FeminismGuest PostWork

Snapshots Of An Academic Unicorn: Balancing Motherhood And Tenure In A Man’s World

The following is a guest post from Sofia Jawed-Wessel, PhD, MPH, recently tenured Associate Professor at University of Nebraska at Omaha, and badass mother of two.

As universities and colleges across the world prepare for another new academic year, campuses are beginning to buzz with families making their way to dorms with extra-long twin sheets and doe-eyed freshman. Course syllabi are frantically being updated and uploaded and staff do their best to keep chaos to a minimum while, maintaining a welcoming smile. I am one of those procrastinating professors bracing themselves for the new school year, my seventh, and my first as a tenured Associate Professor.

For those of you not in the academic world, tenure is glorious not so much because it means a permanent position, but because it ends the multi-year (usually about six) probationary period, in which we must justify to the university why they should not let us go before we are reviewed for tenure. So, in other words, I’m not unfire-able once I have tenure, I was just super fire-able beforehand.
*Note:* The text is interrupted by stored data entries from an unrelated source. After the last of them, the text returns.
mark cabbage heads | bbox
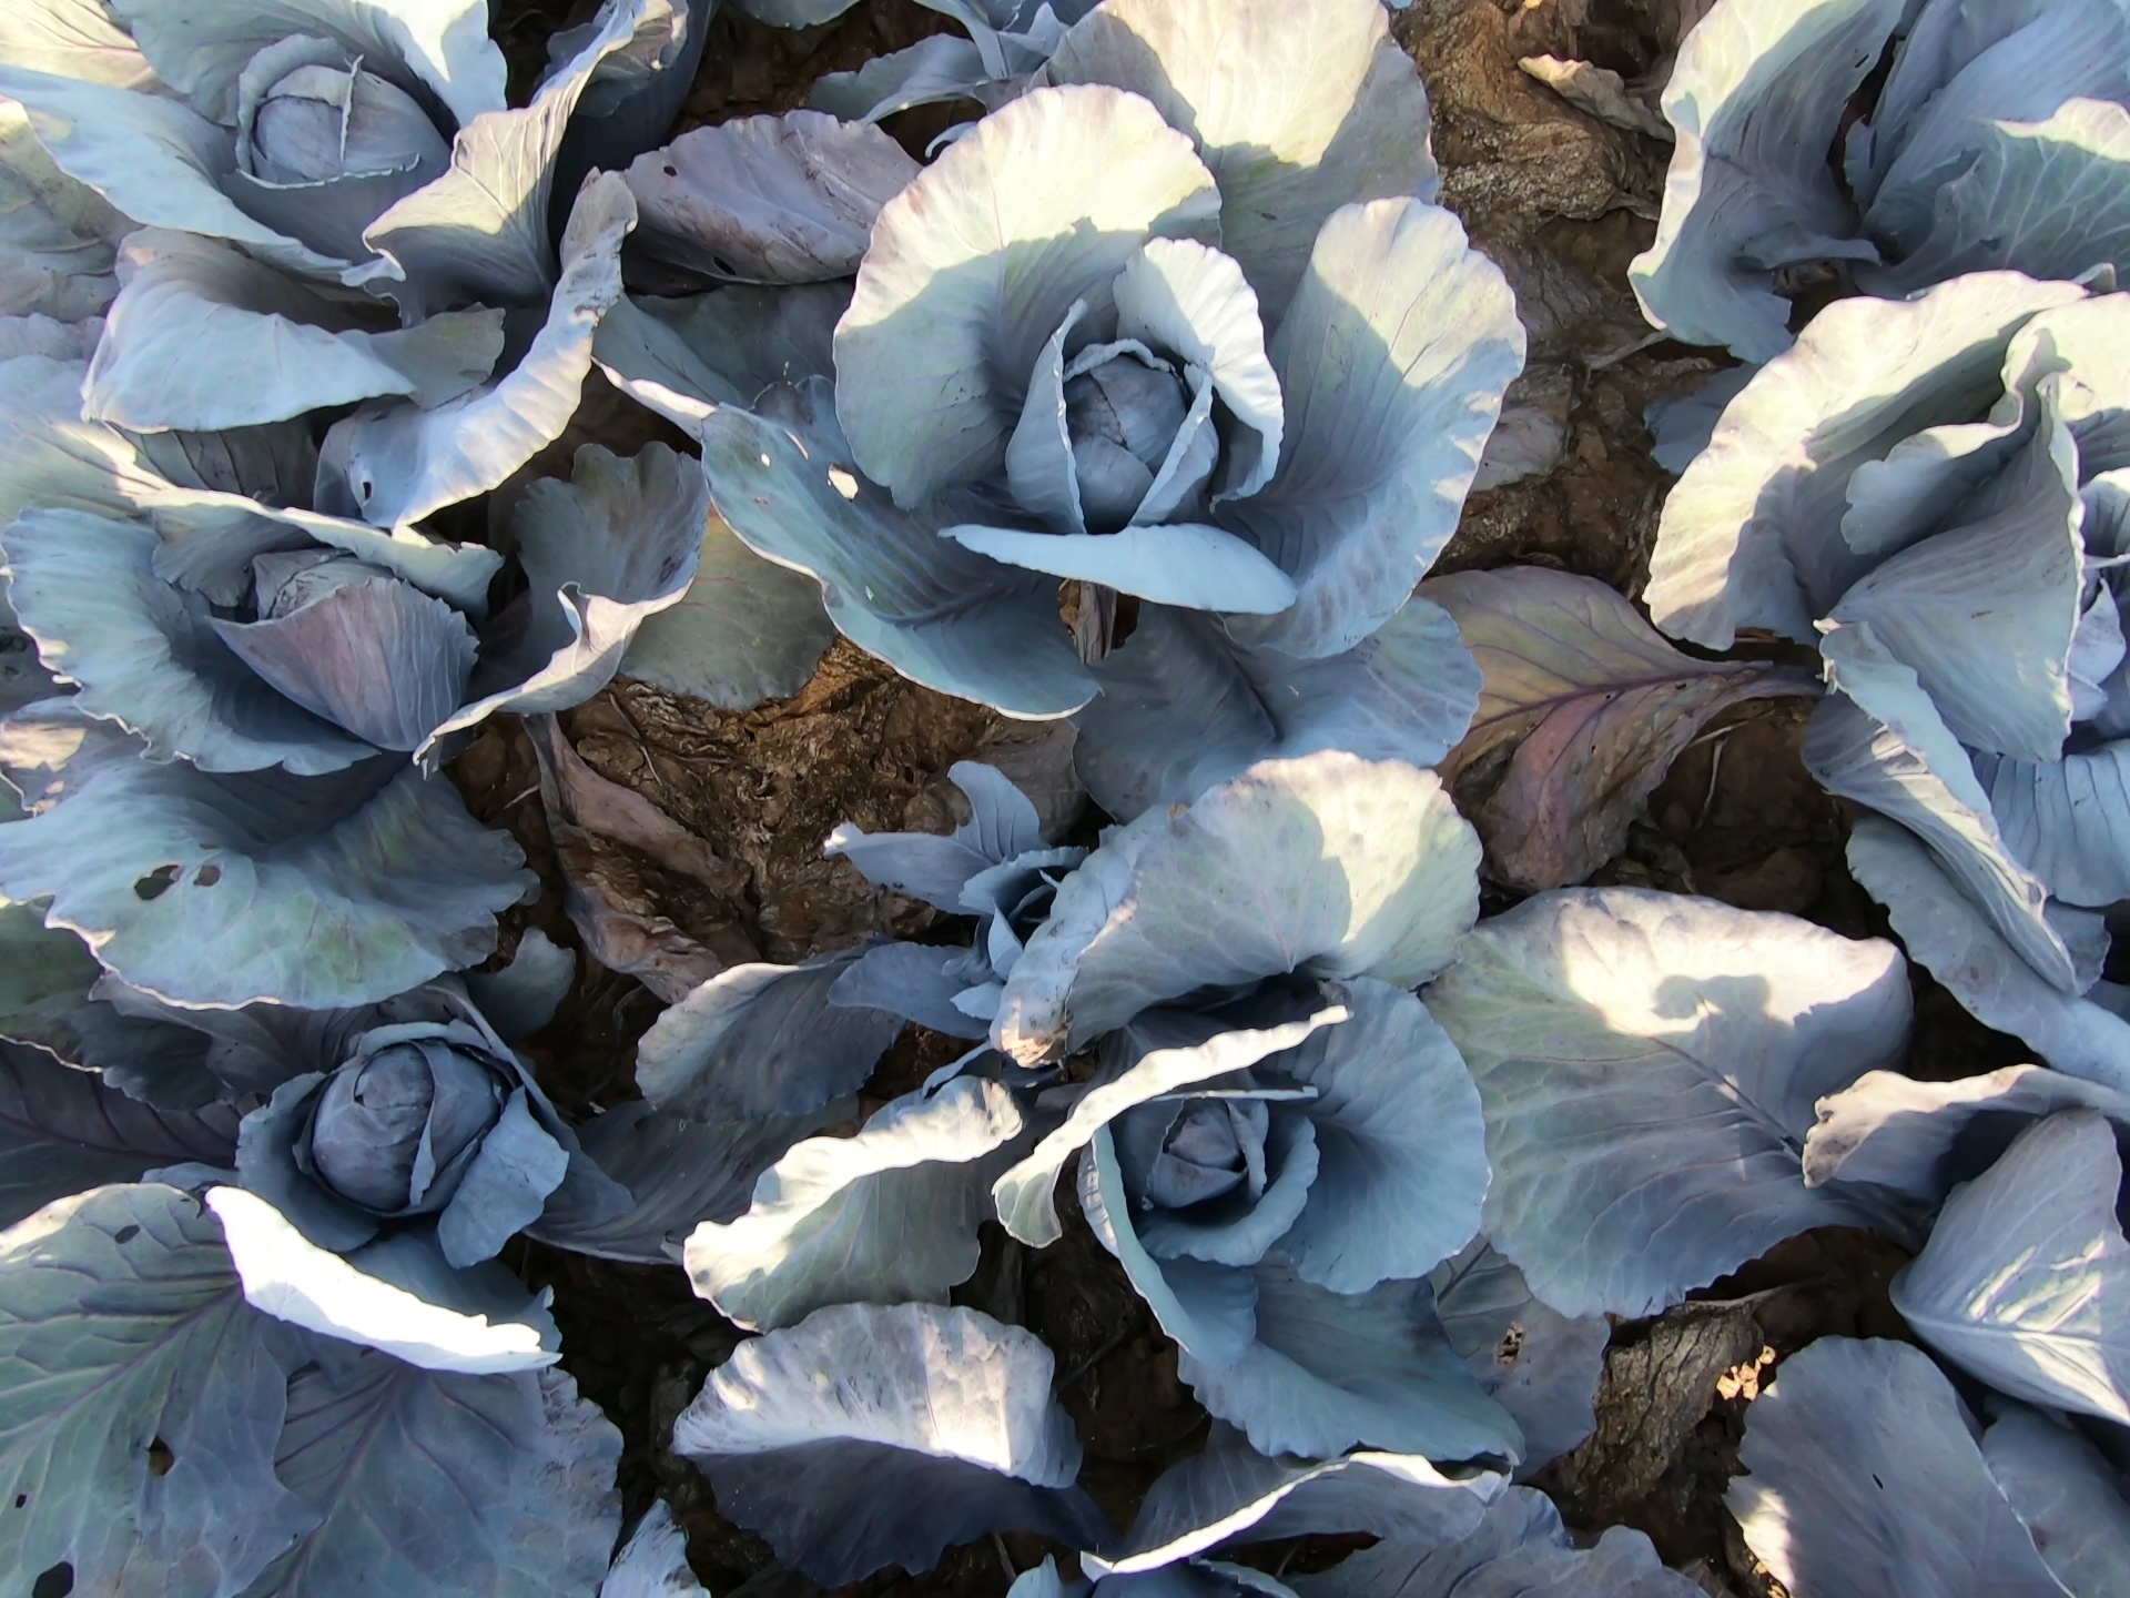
[1042,348,1201,509]
[1118,1053,1264,1196]
[268,550,442,717]
[1931,539,2119,716]
[251,67,448,256]
[306,1039,493,1208]

And this semester, I have earned tenure. In fact, it wasn’t given to me, I took it. I took tenure while mothering two children and being a woman of color, who studies sex and gender. Tenure is mine because I gave the University no other choice. I worked hard, my days filled with teaching and meetings and my after-bedtime evening hours devoted to research writing. In the six years that I worked leading up to my tenure, there was never a vacation, family reunion or road trip during which I did not sneak in hours to work.  I wrote on beaches, in public parks, and on my mother’s sofa, while she made samosas. I worked while breastfeeding (literally with a babe at my breast), and I worked while in early labor. I wrote in the middle of the night, and while mourning the death of my grandfather. I read articles out loud in a sing-song voice to my 3 month-old. I worked when I really should not have been.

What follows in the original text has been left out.